KIM verspricht eine sichere Ende-zu-Ende-Verschlüsselung zwischen allen Einrichtungen des Gesundheitswesens in ganz Deutschland. Um dies zu gewährleisten, werden an alle Beteiligten sichere kryptografische Schlüssel (S/MIME-Zertifikate) ausgegeben, die dafür sorgen, dass eine verschlüsselte E-Mail-Kommunikation möglich ist – eine sogenannte Public-Private-Key-Infrastruktur (PKI). Saatjohann und Schinzel stellten nun fest, dass gleich mehrere große Krankenkassen bei der KIM-Einrichtung über beauftragte IT-Dienstleister offenbar den gleichen Schlüssel für die Ver- und Entschlüsselung und digitale Signatur zugeteilt bekommen hatten.

„Acht Kassen, die etwa 28 Prozent der Versicherten repräsentieren, konnten also alle eAU einer anderen Krankenkasse mitlesen“, so Saatjohann, der die Schlüssel in seiner Präsentation mit ihrer vollen Länge und lauter identischen Zeichen zeigte. Zwei IT-Dienstleister hätten gleiche Schlüssel für verschiedene Krankenkassen vergeben, „das ist der GAU für eine PKI“, kommentierten Schinzel und Saatjohann. So könnte eine Kasse zum Beispiel den Heil- und Kostenplan eines Versicherten der anderen Krankenkasse genehmigen und digital unterschreiben, beschrieben sie die möglichen Folgen. Wie hoch das Missbrauchspotenzial bei konkurrierenden Krankenkassen tatsächlich war, ist eine andere Geschichte, denn der Heil- und Kostenplan müsste dann ja auch zusätzlich bei der falschen Krankenkasse landen.

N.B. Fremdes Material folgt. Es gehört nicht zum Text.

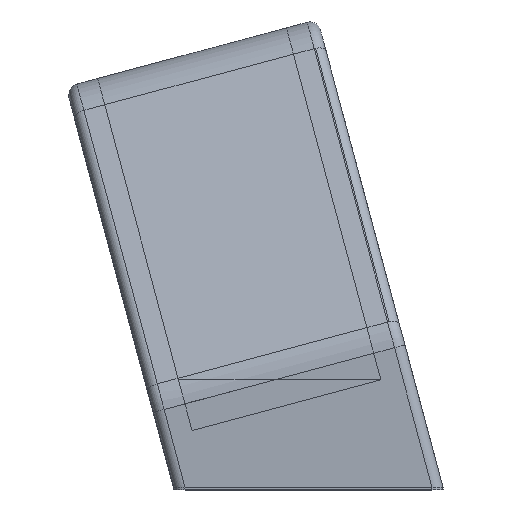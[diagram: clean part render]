
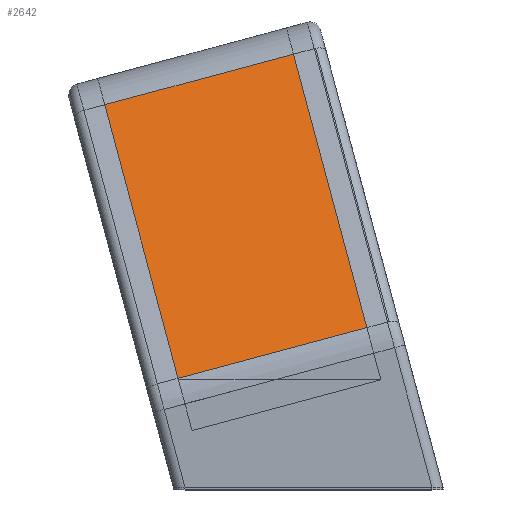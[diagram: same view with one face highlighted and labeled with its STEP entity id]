
A CAD part, top view. The second image highlights one B-rep face of the part: STEP entity #2642.
In plain terms, the highlighted planar face has unit normal (-0.128, 0.476, 0.87).
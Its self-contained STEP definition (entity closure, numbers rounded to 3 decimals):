
#61 = ORIENTED_EDGE ( 'NONE', *, *, #2684, .F. ) ;
#2101 = CARTESIAN_POINT ( 'NONE',  ( -24.616, 10.156, 63.35 ) ) ;
#2116 = LINE ( 'NONE', #2175, #2174 ) ;
#2126 = CARTESIAN_POINT ( 'NONE',  ( -7.086, 14.854, 63.35 ) ) ;
#2158 = PLANE ( 'NONE',  #2163 ) ;
#2163 = AXIS2_PLACEMENT_3D ( 'NONE', #2166, #2170, #2169 ) ;
#2166 = CARTESIAN_POINT ( 'NONE',  ( -159.323, 1.308, 48.436 ) ) ;
#2169 = DIRECTION ( 'NONE',  ( 0., 0.877, -0.48 ) ) ;
#2170 = DIRECTION ( 'NONE',  ( 0.128, -0.476, -0.87 ) ) ;
#2172 = FACE_OUTER_BOUND ( 'NONE', #2615, .T. ) ;
#2173 = DIRECTION ( 'NONE',  ( 0.966, 0.259, 0. ) ) ;
#2174 = VECTOR ( 'NONE', #2173, 1000. ) ;
#2175 = CARTESIAN_POINT ( 'NONE',  ( -159.323, 1.308, 48.436 ) ) ;
#2197 = DIRECTION ( 'NONE',  ( 0.966, 0.259, 0. ) ) ;
#2198 = VECTOR ( 'NONE', #2197, 1000. ) ;
#2199 = CARTESIAN_POINT ( 'NONE',  ( -152.511, -24.113, 63.35 ) ) ;
#2200 = LINE ( 'NONE', #2199, #2198 ) ;
#2211 = CARTESIAN_POINT ( 'NONE',  ( -31.427, 35.578, 48.436 ) ) ;
#2212 = DIRECTION ( 'NONE',  ( -0.225, 0.84, -0.493 ) ) ;
#2213 = VECTOR ( 'NONE', #2212, 1000. ) ;
#2214 = CARTESIAN_POINT ( 'NONE',  ( -31.427, 35.578, 48.436 ) ) ;
#2215 = LINE ( 'NONE', #2214, #2213 ) ;
#2231 = CARTESIAN_POINT ( 'NONE',  ( -13.897, 40.275, 48.436 ) ) ;
#2264 = DIRECTION ( 'NONE',  ( -0.225, 0.84, -0.493 ) ) ;
#2266 = VECTOR ( 'NONE', #2264, 1000. ) ;
#2267 = LINE ( 'NONE', #2271, #2266 ) ;
#2271 = CARTESIAN_POINT ( 'NONE',  ( -13.897, 40.275, 48.436 ) ) ;
#2615 = EDGE_LOOP ( 'NONE', ( #61, #2672, #2673, #2646 ) ) ;
#2619 = VERTEX_POINT ( 'NONE', #2101 ) ;
#2633 = VERTEX_POINT ( 'NONE', #2126 ) ;
#2637 = EDGE_CURVE ( 'NONE', #2687, #2676, #2116, .T. ) ;
#2642 = ADVANCED_FACE ( 'NONE', ( #2172 ), #2158, .F. ) ;
#2646 = ORIENTED_EDGE ( 'NONE', *, *, #2637, .F. ) ;
#2653 = EDGE_CURVE ( 'NONE', #2619, #2633, #2200, .T. ) ;
#2672 = ORIENTED_EDGE ( 'NONE', *, *, #2653, .T. ) ;
#2673 = ORIENTED_EDGE ( 'NONE', *, *, #2688, .T. ) ;
#2676 = VERTEX_POINT ( 'NONE', #2231 ) ;
#2684 = EDGE_CURVE ( 'NONE', #2619, #2687, #2215, .T. ) ;
#2687 = VERTEX_POINT ( 'NONE', #2211 ) ;
#2688 = EDGE_CURVE ( 'NONE', #2633, #2676, #2267, .T. ) ;

Wann kommt die Auto-Update-Funktion?

Aber der Vorfall zeigt einmal mehr, dass manchmal nicht die technische Struktur die Problematik bei der Datensicherheit auslöst, sondern organisatorisches Versagen, aus welchen Gründen auch immer. Alle betroffenen Schlüssel seien zwischenzeitlich neu generiert und ausgetauscht worden, hieß es beim CCC-Kongress, und die gematik prüfe mittlerweile regelmäßig, ob es Doppelungen bei den Schlüsseln gibt.

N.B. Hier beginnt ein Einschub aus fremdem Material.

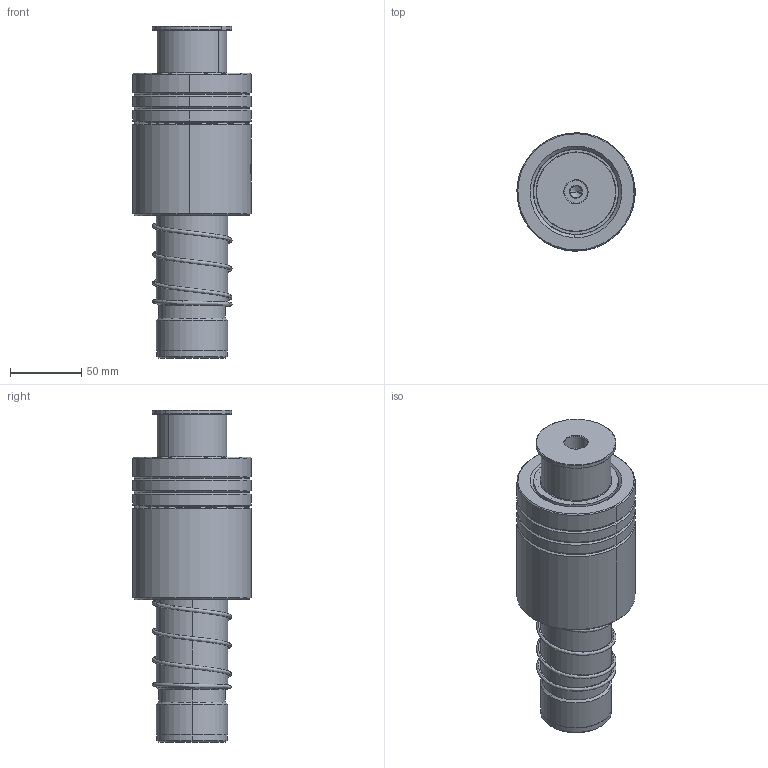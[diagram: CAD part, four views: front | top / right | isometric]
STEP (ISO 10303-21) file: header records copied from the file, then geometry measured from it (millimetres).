
FILE_DESCRIPTION (( 'STEP AP214' ), '1' );
FILE_NAME ('EKS EKJ-D50-L200(BL-100).STEP', '2021-09-27T02:42:39', ( '' ), ( '' ), 'SwSTEP 2.0', 'SolidWorks 2016', '' );
FILE_SCHEMA (( 'AUTOMOTIVE_DESIGN' ));
Length unit declared in the file: millimetre
Products named in the file (235): BALL-D5; BJ BS-59.5-50.5-L90郪蚾; GTK-D56-d49; BJ BS-D59.5-50.5-L90; HWP-D55.7-50.5-L70; EKS EKJ-D50-L200(BL-100); MGK-D50-L200; TBB-D83-d60-L100
Assembly tree (229 placements, depth 3):
  BALL-D5
  BALL-D5
  BALL-D5
  BALL-D5
  BALL-D5
Bounding box: 82.96 x 82.93 x 233 mm (x, y, z)
Volume: 774919.5 mm3; surface area: 169870.7 mm2
Topology: 225 solids, 225 shells, 1013 faces, 4277 edges, 2835 vertices
Faces by surface type: sphere 880, cone 42, cylinder 38, plane 21, torus 18, bspline 14
Entity records: 44299 total; most frequent: CARTESIAN_POINT 25468, ORIENTED_EDGE 3260, DIRECTION 2868, EDGE_CURVE 1630, AXIS2_PLACEMENT_3D 1384, VERTEX_POINT 1063, EDGE_LOOP 1017, B_SPLINE_CURVE_WITH_KNOTS 945

Probleme fanden die beiden Profi-Hacker auch an einigen anderen Stellen, zum Beispiel dass eine Fälschung der digitalen Signaturen (theoretisch) möglich sein könnte, wenn Updates nicht eingespielt würden. In der Diskussion im Anschluss an die Präsentation wiesen Schinzel und Saatjohann darauf hin, dass Hersteller, wenn Fehler aufgedeckt würden, Updates bereitstellten, die Anwender wüssten aber nichts davon. „Die Auto-Update-Funktion fehlt noch.“ Tatsächlich hat die KBV zuletzt Anwender gewarnt, die Updates für eAU und E-Rezept rechtzeitig vor dem Jahreswechsel zu installieren. Sonst könnten die Systeme zu Jahresbeginn ausfallen.

Die zunehmend als Ersatz für die Konnektor-Boxen in den Praxen angebotenen Konnektorfarmen (TI as a Service) wurden von Saatjohann als den Sicherheitsstandards angemessen eingestuft. Sie seien ohnehin nur ein Übergang, bis die TI 2.0 mit digitalen Identitäten komme.